Warming Shrimp and Lentil Dal

Hey everyone – it’s me! No, I didn’t die. But I was away spending time around lots of people who might be close in sunny Florida (land of palm trees, Disney and old people) with the hubs and best friend last week. After weeks of craziness at work it was a much needed vacation of sunshine bike rides, drinks by the pool, and laughs with two of my favourite people. Of course all the relaxation I had achieved was shot to shit after a nightmare trip home (think two cancelled flights, a night in a crappy motel, lost luggage and a whole lotta quarters in the swear jar) after which we finally arrived home to a giant dumping of snow over Toronto. Since I couldn’t turn around and take my freezing cold (but nicely bronzed) butt back to West Palm, I headed to the kitchen to warm up and calm down another way: whipping up a batch of my Warming Shrimp and Lentil Dal.

A hot bowl of soup is nice, but personally I find nothing more comforting in winter than the warm and aromatic spices of a good curry or other Indian dish. Dal (meaning split in Sanskrit) is used to describe dozens of popular Indian dishes featuring legumes like dried split peas, beans, and lentils made with curry, onions, tomatoes and lots of other spices and seasonings, and generally eaten with rice or bread.

My version is gluten-free and dairy-free, and features the mighty lentil – an awesome vegetarian protein and iron source. Iron deficiency is the most common nutritional disorder in the world, according to the World Health Organization. Not getting enough iron in your diet can deplete your stores, leaving you feeling weak and tired. Lentils offer 3.3 milligrams of iron per ½-cup serving, which is 18% of a woman’s total daily requirement (18%) and 41% of a man’s daily requirement (8%). However, your body can’t absorb as much of the iron from plant-based lentils as it does from meat sources, so eating your lentils with a food rich in vitamin C, such as peppers, can help improve absorption (which is why my dal features red peppers alongside the lentils).
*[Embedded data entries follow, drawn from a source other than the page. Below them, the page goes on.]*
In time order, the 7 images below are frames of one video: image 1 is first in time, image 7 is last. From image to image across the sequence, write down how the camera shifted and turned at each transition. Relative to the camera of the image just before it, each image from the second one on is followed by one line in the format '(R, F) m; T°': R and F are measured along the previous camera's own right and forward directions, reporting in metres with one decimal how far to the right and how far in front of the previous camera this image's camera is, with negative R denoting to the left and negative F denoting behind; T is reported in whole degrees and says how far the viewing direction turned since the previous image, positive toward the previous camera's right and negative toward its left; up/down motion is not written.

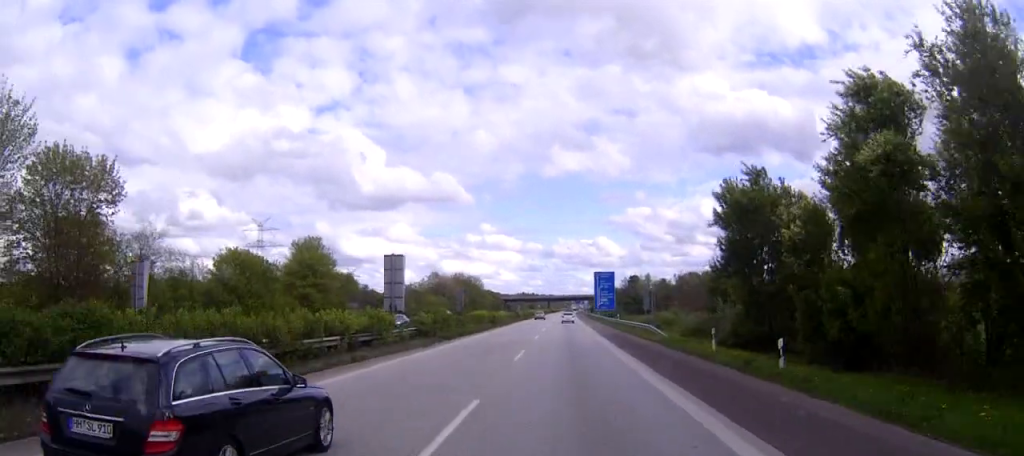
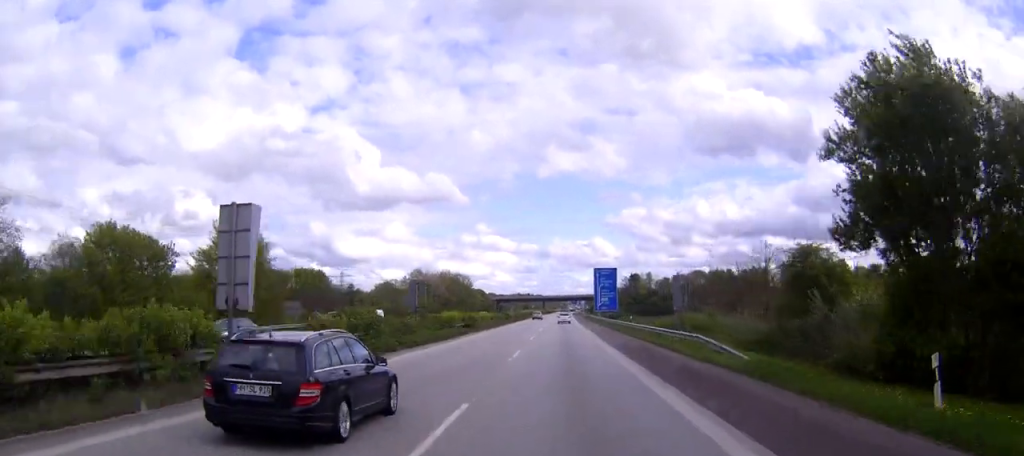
(0.0, +18.7) m; 0°
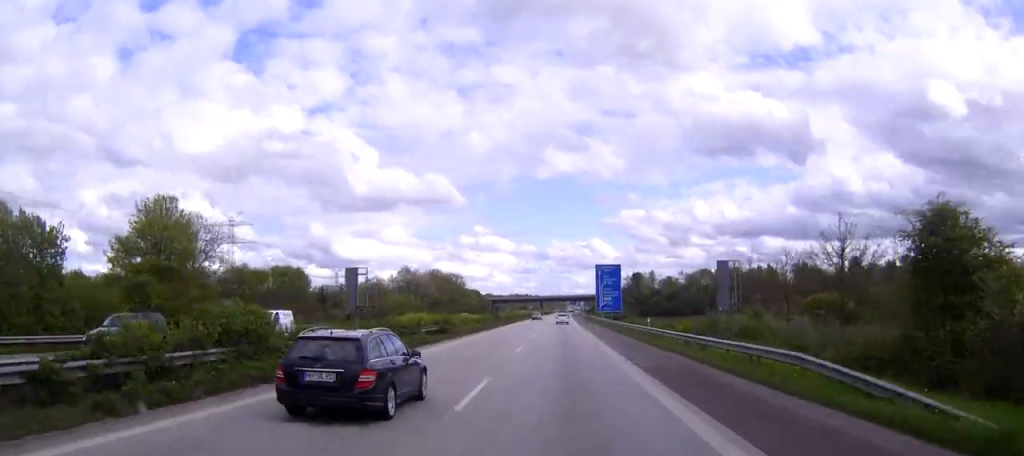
(0.0, +12.8) m; 0°
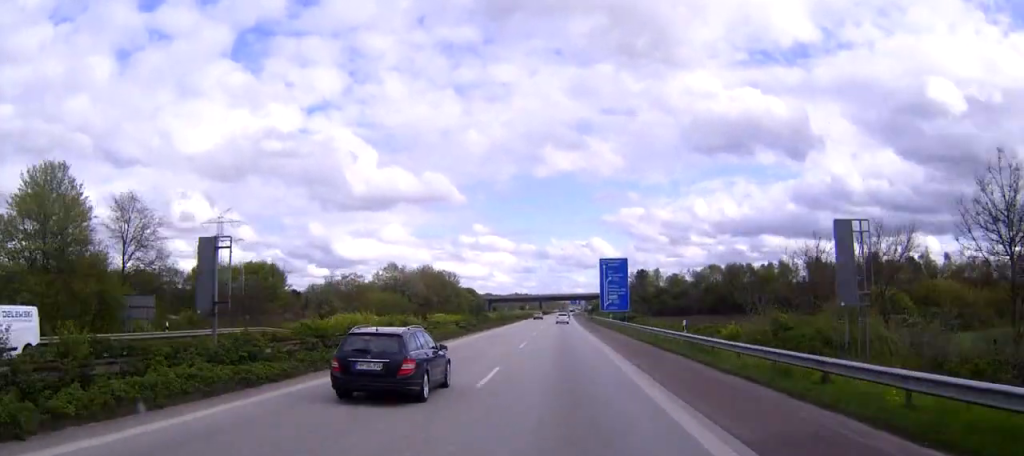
(0.0, +13.8) m; 0°
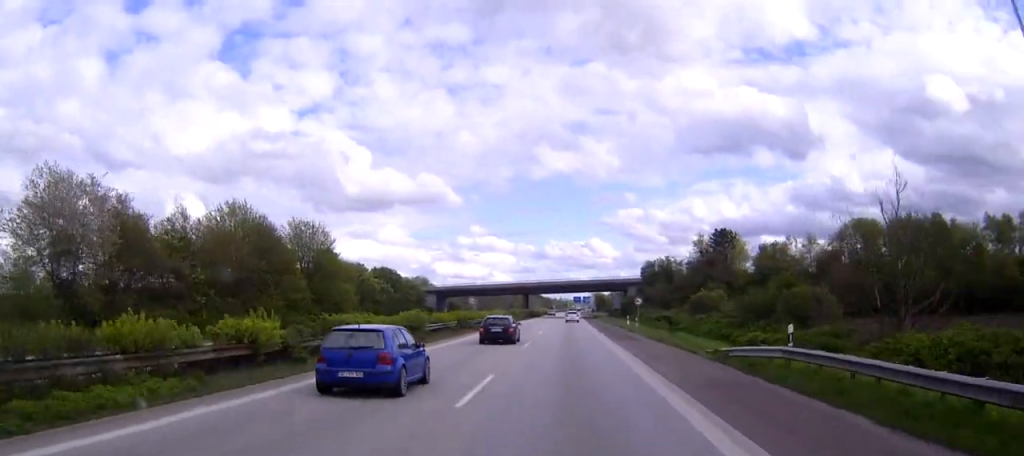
(+0.1, +112.5) m; 0°
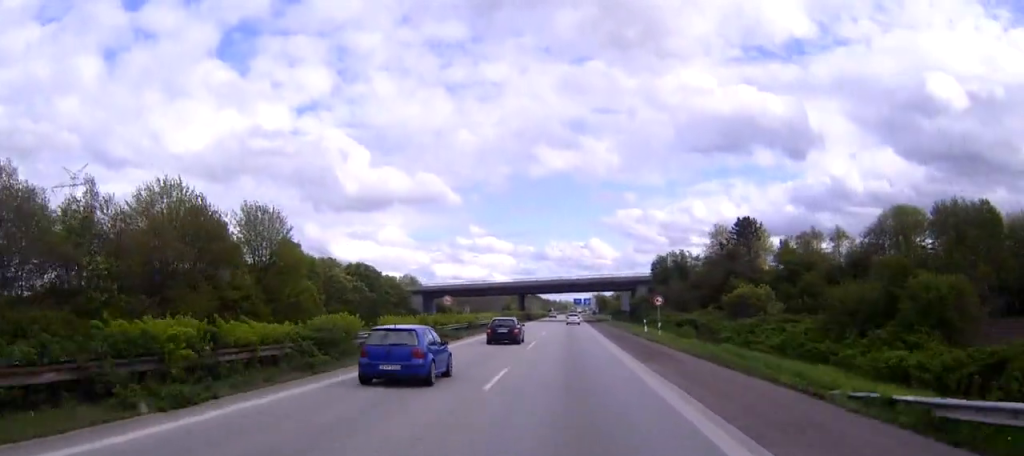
(0.0, +14.6) m; 0°
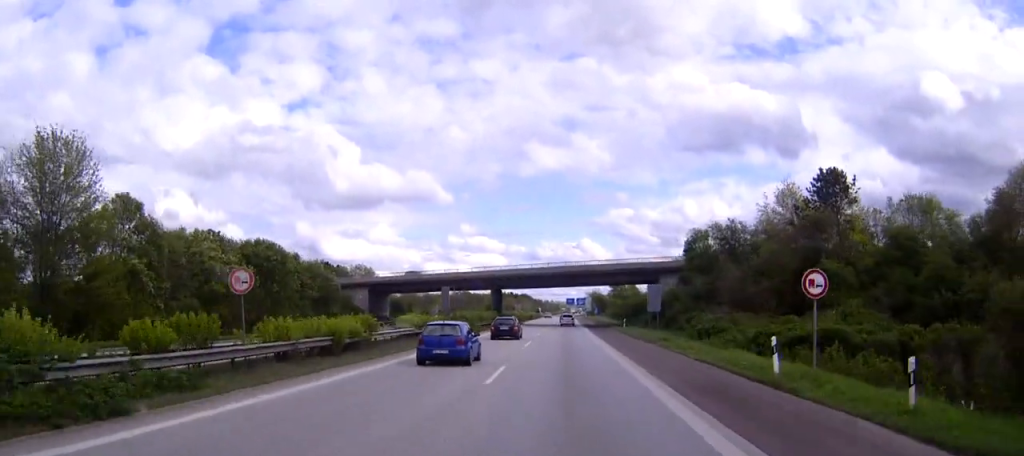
(+0.1, +34.9) m; 0°

While I cannot look you in the face and tell you that eating a bowl of this dal is as good as drinking a margarita on the beach (I’m not that good of a liar), I CAN tell you that it’s a damn good way to cozy up and fill your belly on a cold winter night.

Yours Truly,

The Natural Blonde

p.s. Complete side note and a bit delayed – but can you believe we live in a world where you can literally — as in, not figuratively — conduct a intensely intimate relationship with someone you’ve never actually met or buy pretty much any item you can think of and have it delivered right to your door via the Internet without ever having to leave your bed, yet we still rely on a groundhog to foretell spring’s proximity? And worse – one who doesn’t perpetually tell us what we want to hear (ie. that spring is indeed right around the corner)? 6 more weeks, he says. Hell.

Warming Shrimp and Lentil Dal
Ingredients

  • 1 Tbsp. coconut oil
  • 1 tsp. fresh ginger, grated
  • 1 medium yellow onion, finely chopped
  • 2 cloves garlic, minced
  • 1 large carrot, diced
  • 1 red pepper, diced
  • ½ cup yellow lentils (pre-soaked for a couple hours)*
  • 1 bag frozen raw shrimp, peeled and thawed
  • 1 tsp. turmeric powder
  • 1 tsp. cumin powder
  • ½ tsp. ground coriander seed
  • ⅛ tsp. cayenne
  • 1 Tbsp. lime juice
  • 8 oz can fire roasted tomatoes
  • 2 cups chicken stock (or vegetable for vegetarian version)
  • 1 cup canned coconut milk (I use full fat but lite would be fine, too)
  • 2 large handfuls baby spinach
  • ¼ cup chopped cilantro

In a large saucepan, melt the coconut oil over medium-high heat and add the onion, garlic, ginger, and carrots and sauté for 3-4 minutes. Next, add in the spices and sauté for 30 seconds before adding the pepper, tomatoes, lentils, stock, and lime juice.  Bring to a boil before reducing heat and covering, allowing to simmer for 45 minutes.

At 45 minutes, add the shrimp and simmer for another 15 minutes. Remove from heat and stir in the coconut milk, spinach and cilantro, stirring until the spinach has wilted and the mixture is heated through. I serve over cauliflower rice (cauliflower that’s processed into a rice-like consistency in a food processor) but you can also use brown rice or quinoa. Enjoy!

Can be stored for up to 4 days in an airtight container in the fridge – but makes an amazing next-day lunch.

*Note: you can make this dish vegetarian by removing the shrimp and increasing the lentils to ⅔ cup.